What’s the workload you’re using to trigger this?
Copying 1.7 TiB of fiiles to the volume (containing big sized files like disk images and small files like source codes), on a relatively cheap machine (J1900 with 4 GB of ram).
Another try (total > 3.5 TB of write) did not reproduce the issue with 6.11.5 (patched), should I do further test?
If you can perform further tests, I'd be very happy.
Did another pass (formart, write 2T), no such error showed up.
Thanks, I'll submit a formal patch to the scsi list today.

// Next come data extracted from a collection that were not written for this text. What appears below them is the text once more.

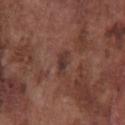Assessment:
Captured during whole-body skin photography for melanoma surveillance; the lesion was not biopsied.
Context:
A male subject in their mid-70s. The total-body-photography lesion software estimated a lesion area of about 3 mm² and a symmetry-axis asymmetry near 0.3. It also reported a border-irregularity index near 3.5/10 and a peripheral color-asymmetry measure near 0. The analysis additionally found a nevus-likeness score of about 0/100. A region of skin cropped from a whole-body photographic capture, roughly 15 mm wide. The tile uses white-light illumination. On the chest. Measured at roughly 3 mm in maximum diameter.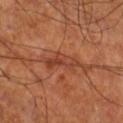Context: The lesion is located on the right lower leg. A 15 mm close-up tile from a total-body photography series done for melanoma screening. The subject is a male about 70 years old.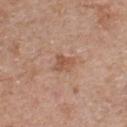Clinical impression: Imaged during a routine full-body skin examination; the lesion was not biopsied and no histopathology is available. Acquisition and patient details: Automated image analysis of the tile measured a footprint of about 4 mm², an eccentricity of roughly 0.6, and a shape-asymmetry score of about 0.35 (0 = symmetric). And it measured a border-irregularity index near 3.5/10 and internal color variation of about 2 on a 0–10 scale. The software also gave a classifier nevus-likeness of about 0/100 and a detector confidence of about 100 out of 100 that the crop contains a lesion. A 15 mm crop from a total-body photograph taken for skin-cancer surveillance. This is a white-light tile. About 2.5 mm across. A male patient approximately 70 years of age. On the front of the torso.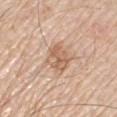Q: Was a biopsy performed?
A: no biopsy performed (imaged during a skin exam)
Q: What is the imaging modality?
A: ~15 mm crop, total-body skin-cancer survey
Q: Where on the body is the lesion?
A: the chest
Q: Patient demographics?
A: male, about 65 years old
Q: How large is the lesion?
A: ≈3.5 mm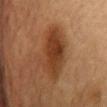Notes:
* notes · total-body-photography surveillance lesion; no biopsy
* image-analysis metrics · border irregularity of about 3 on a 0–10 scale, a color-variation rating of about 4.5/10, and radial color variation of about 1.5
* size · ~7 mm (longest diameter)
* image · total-body-photography crop, ~15 mm field of view
* location · the front of the torso
* patient · male, aged approximately 85 or older
* tile lighting · cross-polarized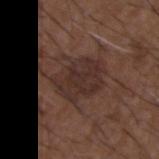| key | value |
|---|---|
| follow-up | imaged on a skin check; not biopsied |
| anatomic site | the back |
| image source | ~15 mm tile from a whole-body skin photo |
| tile lighting | white-light |
| patient | male, aged around 50 |
| size | ~5.5 mm (longest diameter) |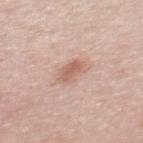follow-up: imaged on a skin check; not biopsied
location: the upper back
image: ~15 mm crop, total-body skin-cancer survey
patient: female, approximately 35 years of age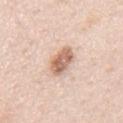Clinical impression: Part of a total-body skin-imaging series; this lesion was reviewed on a skin check and was not flagged for biopsy. Context: A 15 mm crop from a total-body photograph taken for skin-cancer surveillance. The subject is a male about 50 years old. The lesion is located on the back.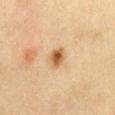The lesion was photographed on a routine skin check and not biopsied; there is no pathology result. The lesion-visualizer software estimated a lesion area of about 4.5 mm², a shape eccentricity near 0.6, and two-axis asymmetry of about 0.2. And it measured an average lesion color of about L≈54 a*≈18 b*≈38 (CIELAB) and roughly 13 lightness units darker than nearby skin. The analysis additionally found border irregularity of about 2 on a 0–10 scale and peripheral color asymmetry of about 1.5. A female subject, aged approximately 30. About 2.5 mm across. On the chest. A 15 mm close-up extracted from a 3D total-body photography capture.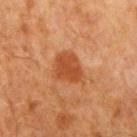Clinical impression:
Recorded during total-body skin imaging; not selected for excision or biopsy.
Acquisition and patient details:
A male subject, approximately 70 years of age. The recorded lesion diameter is about 3.5 mm. From the left upper arm. The total-body-photography lesion software estimated a lesion area of about 9 mm², a shape eccentricity near 0.55, and a shape-asymmetry score of about 0.2 (0 = symmetric). The software also gave an average lesion color of about L≈40 a*≈25 b*≈34 (CIELAB), a lesion–skin lightness drop of about 9, and a lesion-to-skin contrast of about 7.5 (normalized; higher = more distinct). It also reported a border-irregularity rating of about 2/10 and a color-variation rating of about 2/10. The analysis additionally found an automated nevus-likeness rating near 85 out of 100 and a lesion-detection confidence of about 100/100. Cropped from a total-body skin-imaging series; the visible field is about 15 mm. This is a cross-polarized tile.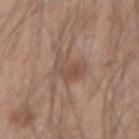Notes:
- biopsy status: imaged on a skin check; not biopsied
- location: the right forearm
- acquisition: ~15 mm tile from a whole-body skin photo
- patient: male, about 45 years old
- size: about 4 mm
- illumination: white-light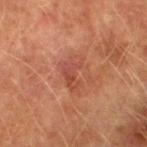| key | value |
|---|---|
| biopsy status | catalogued during a skin exam; not biopsied |
| image | ~15 mm crop, total-body skin-cancer survey |
| subject | male, aged approximately 75 |
| location | the leg |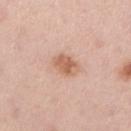Clinical impression:
Part of a total-body skin-imaging series; this lesion was reviewed on a skin check and was not flagged for biopsy.
Context:
The lesion-visualizer software estimated a lesion area of about 6 mm² and an eccentricity of roughly 0.75. And it measured a mean CIELAB color near L≈62 a*≈22 b*≈32, roughly 11 lightness units darker than nearby skin, and a normalized lesion–skin contrast near 7.5. On the leg. A female subject, aged approximately 45. Measured at roughly 3 mm in maximum diameter. This is a white-light tile. Cropped from a total-body skin-imaging series; the visible field is about 15 mm.
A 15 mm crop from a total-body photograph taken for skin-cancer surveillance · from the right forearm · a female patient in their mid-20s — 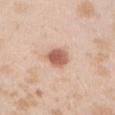Imaged with white-light lighting.
The total-body-photography lesion software estimated a footprint of about 6.5 mm². And it measured a classifier nevus-likeness of about 100/100 and a detector confidence of about 100 out of 100 that the crop contains a lesion.
Longest diameter approximately 3 mm.
Biopsy histopathology demonstrated a dysplastic (Clark) nevus.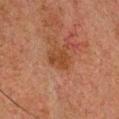The lesion was tiled from a total-body skin photograph and was not biopsied.
The patient is a male about 60 years old.
An algorithmic analysis of the crop reported an area of roughly 3.5 mm² and an eccentricity of roughly 0.75.
Measured at roughly 2.5 mm in maximum diameter.
A 15 mm crop from a total-body photograph taken for skin-cancer surveillance.
On the head or neck.
Imaged with cross-polarized lighting.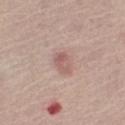  biopsy_status: not biopsied; imaged during a skin examination
  site: leg
  lighting: white-light
  image:
    source: total-body photography crop
    field_of_view_mm: 15
  lesion_size:
    long_diameter_mm_approx: 2.5
  patient:
    sex: male
    age_approx: 65
  automated_metrics:
    area_mm2_approx: 3.0
    eccentricity: 0.8
    shape_asymmetry: 0.5
    nevus_likeness_0_100: 55
    lesion_detection_confidence_0_100: 100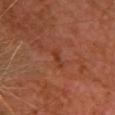Impression: Captured during whole-body skin photography for melanoma surveillance; the lesion was not biopsied. Image and clinical context: About 2.5 mm across. A female subject aged approximately 55. This image is a 15 mm lesion crop taken from a total-body photograph. From the chest. Captured under cross-polarized illumination. An algorithmic analysis of the crop reported a border-irregularity rating of about 5/10, internal color variation of about 0 on a 0–10 scale, and peripheral color asymmetry of about 0.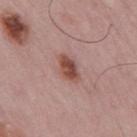Part of a total-body skin-imaging series; this lesion was reviewed on a skin check and was not flagged for biopsy. The subject is a male aged 48–52. Measured at roughly 3.5 mm in maximum diameter. The total-body-photography lesion software estimated a border-irregularity rating of about 2.5/10, a color-variation rating of about 3.5/10, and peripheral color asymmetry of about 1. Located on the mid back. A 15 mm close-up tile from a total-body photography series done for melanoma screening.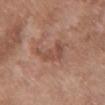Clinical impression:
No biopsy was performed on this lesion — it was imaged during a full skin examination and was not determined to be concerning.
Image and clinical context:
The lesion's longest dimension is about 4.5 mm. This image is a 15 mm lesion crop taken from a total-body photograph. Automated image analysis of the tile measured a footprint of about 7 mm², an outline eccentricity of about 0.85 (0 = round, 1 = elongated), and two-axis asymmetry of about 0.5. The software also gave border irregularity of about 6 on a 0–10 scale and radial color variation of about 1. Imaged with white-light lighting. A female patient in their 70s. The lesion is located on the chest.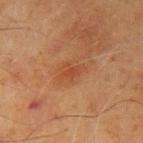workup: catalogued during a skin exam; not biopsied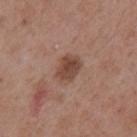{
  "biopsy_status": "not biopsied; imaged during a skin examination",
  "lighting": "white-light",
  "image": {
    "source": "total-body photography crop",
    "field_of_view_mm": 15
  },
  "patient": {
    "sex": "male",
    "age_approx": 55
  },
  "site": "mid back",
  "lesion_size": {
    "long_diameter_mm_approx": 3.0
  },
  "automated_metrics": {
    "area_mm2_approx": 6.5,
    "eccentricity": 0.65,
    "shape_asymmetry": 0.2
  }
}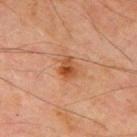Clinical impression: The lesion was photographed on a routine skin check and not biopsied; there is no pathology result. Image and clinical context: A male patient, about 70 years old. On the chest. Longest diameter approximately 2.5 mm. Cropped from a total-body skin-imaging series; the visible field is about 15 mm.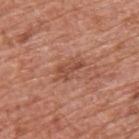notes = total-body-photography surveillance lesion; no biopsy | imaging modality = ~15 mm crop, total-body skin-cancer survey | anatomic site = the upper back | patient = male, aged approximately 65 | size = about 3.5 mm.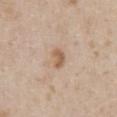{
  "biopsy_status": "not biopsied; imaged during a skin examination",
  "site": "chest",
  "image": {
    "source": "total-body photography crop",
    "field_of_view_mm": 15
  },
  "patient": {
    "sex": "female",
    "age_approx": 30
  },
  "automated_metrics": {
    "border_irregularity_0_10": 2.0,
    "color_variation_0_10": 2.0,
    "peripheral_color_asymmetry": 0.5
  }
}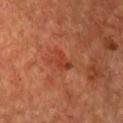| key | value |
|---|---|
| follow-up | no biopsy performed (imaged during a skin exam) |
| lesion diameter | ≈3 mm |
| image source | ~15 mm tile from a whole-body skin photo |
| subject | male, aged around 50 |
| automated lesion analysis | a mean CIELAB color near L≈42 a*≈31 b*≈36, a lesion–skin lightness drop of about 7, and a normalized border contrast of about 6; a border-irregularity rating of about 5/10 and peripheral color asymmetry of about 0.5 |
| anatomic site | the chest |
| tile lighting | cross-polarized |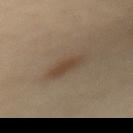• notes — catalogued during a skin exam; not biopsied
• image source — ~15 mm crop, total-body skin-cancer survey
• subject — female, aged 43–47
• tile lighting — cross-polarized
• automated lesion analysis — a mean CIELAB color near L≈44 a*≈14 b*≈28 and a normalized lesion–skin contrast near 7.5; border irregularity of about 4 on a 0–10 scale, a within-lesion color-variation index near 2/10, and a peripheral color-asymmetry measure near 0.5; an automated nevus-likeness rating near 90 out of 100 and a lesion-detection confidence of about 95/100
• site — the mid back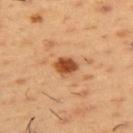Q: Was this lesion biopsied?
A: no biopsy performed (imaged during a skin exam)
Q: What lighting was used for the tile?
A: cross-polarized illumination
Q: Who is the patient?
A: male, aged 53–57
Q: How was this image acquired?
A: ~15 mm tile from a whole-body skin photo
Q: What is the anatomic site?
A: the upper back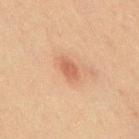Clinical impression:
Part of a total-body skin-imaging series; this lesion was reviewed on a skin check and was not flagged for biopsy.
Background:
Imaged with cross-polarized lighting. Automated image analysis of the tile measured an average lesion color of about L≈49 a*≈22 b*≈29 (CIELAB), a lesion–skin lightness drop of about 8, and a normalized border contrast of about 6.5. The subject is a male approximately 70 years of age. On the chest. About 3 mm across. A roughly 15 mm field-of-view crop from a total-body skin photograph.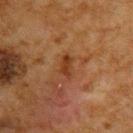notes = no biopsy performed (imaged during a skin exam)
patient = male, roughly 60 years of age
tile lighting = cross-polarized
image-analysis metrics = an average lesion color of about L≈32 a*≈21 b*≈31 (CIELAB), roughly 7 lightness units darker than nearby skin, and a normalized lesion–skin contrast near 7.5
anatomic site = the back
diameter = about 2.5 mm
acquisition = total-body-photography crop, ~15 mm field of view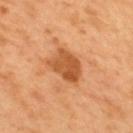Captured during whole-body skin photography for melanoma surveillance; the lesion was not biopsied.
Cropped from a whole-body photographic skin survey; the tile spans about 15 mm.
From the upper back.
The patient is a male approximately 50 years of age.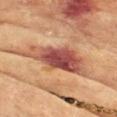Clinical impression: Imaged during a routine full-body skin examination; the lesion was not biopsied and no histopathology is available. Context: This is a cross-polarized tile. Located on the front of the torso. Approximately 8 mm at its widest. The subject is a female about 80 years old. A 15 mm close-up extracted from a 3D total-body photography capture.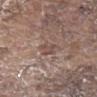Part of a total-body skin-imaging series; this lesion was reviewed on a skin check and was not flagged for biopsy. The lesion's longest dimension is about 2.5 mm. A 15 mm close-up extracted from a 3D total-body photography capture. Imaged with white-light lighting. The patient is a male about 80 years old. The lesion is on the back.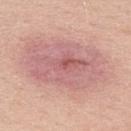Imaged during a routine full-body skin examination; the lesion was not biopsied and no histopathology is available. Located on the back. A male subject aged around 60. Cropped from a whole-body photographic skin survey; the tile spans about 15 mm. Automated image analysis of the tile measured a lesion area of about 60 mm², an eccentricity of roughly 0.8, and a shape-asymmetry score of about 0.15 (0 = symmetric). The software also gave an average lesion color of about L≈64 a*≈23 b*≈23 (CIELAB), a lesion–skin lightness drop of about 9, and a normalized lesion–skin contrast near 6.5. It also reported an automated nevus-likeness rating near 0 out of 100 and a detector confidence of about 100 out of 100 that the crop contains a lesion.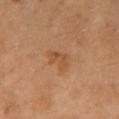Assessment: This lesion was catalogued during total-body skin photography and was not selected for biopsy. Image and clinical context: From the right upper arm. The subject is a female aged 68 to 72. Captured under cross-polarized illumination. This image is a 15 mm lesion crop taken from a total-body photograph.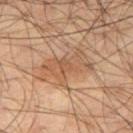Imaged during a routine full-body skin examination; the lesion was not biopsied and no histopathology is available.
On the right thigh.
Automated image analysis of the tile measured a within-lesion color-variation index near 3.5/10 and radial color variation of about 1. And it measured a nevus-likeness score of about 15/100 and a lesion-detection confidence of about 95/100.
Captured under cross-polarized illumination.
The recorded lesion diameter is about 5.5 mm.
The patient is a male aged around 55.
A lesion tile, about 15 mm wide, cut from a 3D total-body photograph.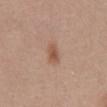follow-up=total-body-photography surveillance lesion; no biopsy
subject=female, aged 38 to 42
lighting=white-light illumination
imaging modality=~15 mm tile from a whole-body skin photo
size=about 3 mm
automated metrics=a border-irregularity index near 2/10, a color-variation rating of about 2.5/10, and a peripheral color-asymmetry measure near 1
site=the abdomen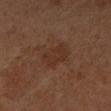The lesion was tiled from a total-body skin photograph and was not biopsied. This is a cross-polarized tile. Measured at roughly 3.5 mm in maximum diameter. A lesion tile, about 15 mm wide, cut from a 3D total-body photograph. The lesion is on the arm. Automated tile analysis of the lesion measured a mean CIELAB color near L≈27 a*≈17 b*≈23, a lesion–skin lightness drop of about 5, and a normalized border contrast of about 5.5. The analysis additionally found a border-irregularity index near 2.5/10, a color-variation rating of about 1.5/10, and radial color variation of about 0.5. It also reported a nevus-likeness score of about 0/100. The patient is a female in their 60s.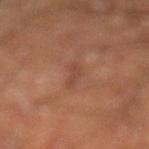– biopsy status · no biopsy performed (imaged during a skin exam)
– image source · 15 mm crop, total-body photography
– lighting · cross-polarized illumination
– subject · male, aged 58–62
– lesion diameter · about 3.5 mm
– image-analysis metrics · border irregularity of about 6 on a 0–10 scale and radial color variation of about 0
– site · the left lower leg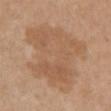Q: Was a biopsy performed?
A: no biopsy performed (imaged during a skin exam)
Q: How was this image acquired?
A: ~15 mm crop, total-body skin-cancer survey
Q: Who is the patient?
A: female, aged around 55
Q: Lesion location?
A: the front of the torso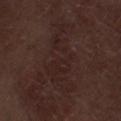| feature | finding |
|---|---|
| diameter | ≈9 mm |
| image-analysis metrics | an outline eccentricity of about 0.95 (0 = round, 1 = elongated) and two-axis asymmetry of about 0.5; a mean CIELAB color near L≈22 a*≈16 b*≈17, about 4 CIELAB-L* units darker than the surrounding skin, and a lesion-to-skin contrast of about 5 (normalized; higher = more distinct); a border-irregularity rating of about 8.5/10 and a within-lesion color-variation index near 2.5/10; a nevus-likeness score of about 0/100 |
| image source | 15 mm crop, total-body photography |
| location | the right thigh |
| subject | male, roughly 70 years of age |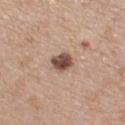Clinical summary: Imaged with white-light lighting. A female subject, aged approximately 45. Longest diameter approximately 2.5 mm. From the front of the torso. A close-up tile cropped from a whole-body skin photograph, about 15 mm across.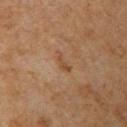On the arm. Longest diameter approximately 2.5 mm. The tile uses cross-polarized illumination. A 15 mm close-up extracted from a 3D total-body photography capture. The patient is a male approximately 60 years of age.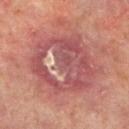Case summary:
* anatomic site — the left lower leg
* subject — male, aged approximately 65
* imaging modality — total-body-photography crop, ~15 mm field of view
* TBP lesion metrics — a border-irregularity index near 2.5/10, internal color variation of about 9.5 on a 0–10 scale, and a peripheral color-asymmetry measure near 3; a classifier nevus-likeness of about 0/100 and a lesion-detection confidence of about 55/100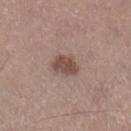{
  "biopsy_status": "not biopsied; imaged during a skin examination",
  "lesion_size": {
    "long_diameter_mm_approx": 3.5
  },
  "site": "leg",
  "lighting": "white-light",
  "image": {
    "source": "total-body photography crop",
    "field_of_view_mm": 15
  },
  "automated_metrics": {
    "eccentricity": 0.7,
    "vs_skin_darker_L": 11.0,
    "border_irregularity_0_10": 2.0,
    "color_variation_0_10": 3.0,
    "peripheral_color_asymmetry": 1.0,
    "nevus_likeness_0_100": 50
  },
  "patient": {
    "sex": "male",
    "age_approx": 45
  }
}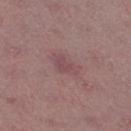| feature | finding |
|---|---|
| notes | imaged on a skin check; not biopsied |
| imaging modality | ~15 mm tile from a whole-body skin photo |
| anatomic site | the right thigh |
| lesion size | ≈3.5 mm |
| subject | female, aged around 45 |
| TBP lesion metrics | a mean CIELAB color near L≈48 a*≈21 b*≈17 and roughly 6 lightness units darker than nearby skin; border irregularity of about 3 on a 0–10 scale, a color-variation rating of about 2/10, and radial color variation of about 0.5; an automated nevus-likeness rating near 0 out of 100 and a detector confidence of about 100 out of 100 that the crop contains a lesion |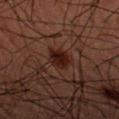{"biopsy_status": "not biopsied; imaged during a skin examination", "image": {"source": "total-body photography crop", "field_of_view_mm": 15}, "lesion_size": {"long_diameter_mm_approx": 3.0}, "site": "left forearm", "lighting": "cross-polarized", "patient": {"sex": "male", "age_approx": 60}}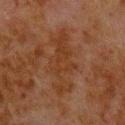Recorded during total-body skin imaging; not selected for excision or biopsy. Longest diameter approximately 8 mm. A male patient, approximately 80 years of age. The tile uses cross-polarized illumination. The total-body-photography lesion software estimated a lesion area of about 16 mm², an outline eccentricity of about 0.95 (0 = round, 1 = elongated), and a symmetry-axis asymmetry near 0.45. The analysis additionally found a nevus-likeness score of about 0/100 and a detector confidence of about 80 out of 100 that the crop contains a lesion. Located on the upper back. Cropped from a total-body skin-imaging series; the visible field is about 15 mm.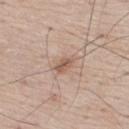<record>
<biopsy_status>not biopsied; imaged during a skin examination</biopsy_status>
<automated_metrics>
  <area_mm2_approx>3.5</area_mm2_approx>
  <eccentricity>0.8</eccentricity>
  <shape_asymmetry>0.2</shape_asymmetry>
  <cielab_L>57</cielab_L>
  <cielab_a>18</cielab_a>
  <cielab_b>28</cielab_b>
  <vs_skin_darker_L>10.0</vs_skin_darker_L>
  <vs_skin_contrast_norm>7.0</vs_skin_contrast_norm>
  <nevus_likeness_0_100>15</nevus_likeness_0_100>
  <lesion_detection_confidence_0_100>100</lesion_detection_confidence_0_100>
</automated_metrics>
<site>upper back</site>
<lesion_size>
  <long_diameter_mm_approx>2.5</long_diameter_mm_approx>
</lesion_size>
<lighting>white-light</lighting>
<image>
  <source>total-body photography crop</source>
  <field_of_view_mm>15</field_of_view_mm>
</image>
<patient>
  <sex>male</sex>
  <age_approx>75</age_approx>
</patient>
</record>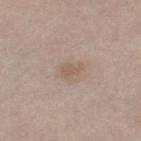notes=no biopsy performed (imaged during a skin exam); site=the left thigh; subject=male, in their mid- to late 60s; imaging modality=15 mm crop, total-body photography.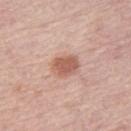<record>
<biopsy_status>not biopsied; imaged during a skin examination</biopsy_status>
<lighting>white-light</lighting>
<patient>
  <sex>female</sex>
  <age_approx>65</age_approx>
</patient>
<site>right thigh</site>
<image>
  <source>total-body photography crop</source>
  <field_of_view_mm>15</field_of_view_mm>
</image>
<lesion_size>
  <long_diameter_mm_approx>3.0</long_diameter_mm_approx>
</lesion_size>
</record>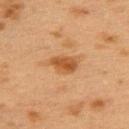Impression: Imaged during a routine full-body skin examination; the lesion was not biopsied and no histopathology is available. Image and clinical context: Cropped from a total-body skin-imaging series; the visible field is about 15 mm. Located on the upper back. A female subject aged 38 to 42.

Patch is submitted here: https://lore.kernel.org/linux-scsi/20241030110253.11718-1-jth@kernel.org/
Dmesg: https://gist.github.com/karuboniru/b9cf4c2d5ba290e3c4f7bd7091ca67fa
Happens on
6.11.3-200.fc40.x86_64
, when writing ~2TB of data to a newly formatted HC650 disk. No further error is detected after seeing the error. The write seems to have succeed.Might be related to https://github.com/kdave/btrfs-progs/issues/779 but the volume did not go RO afterwards
Still trying to find a way to reproduce the issue.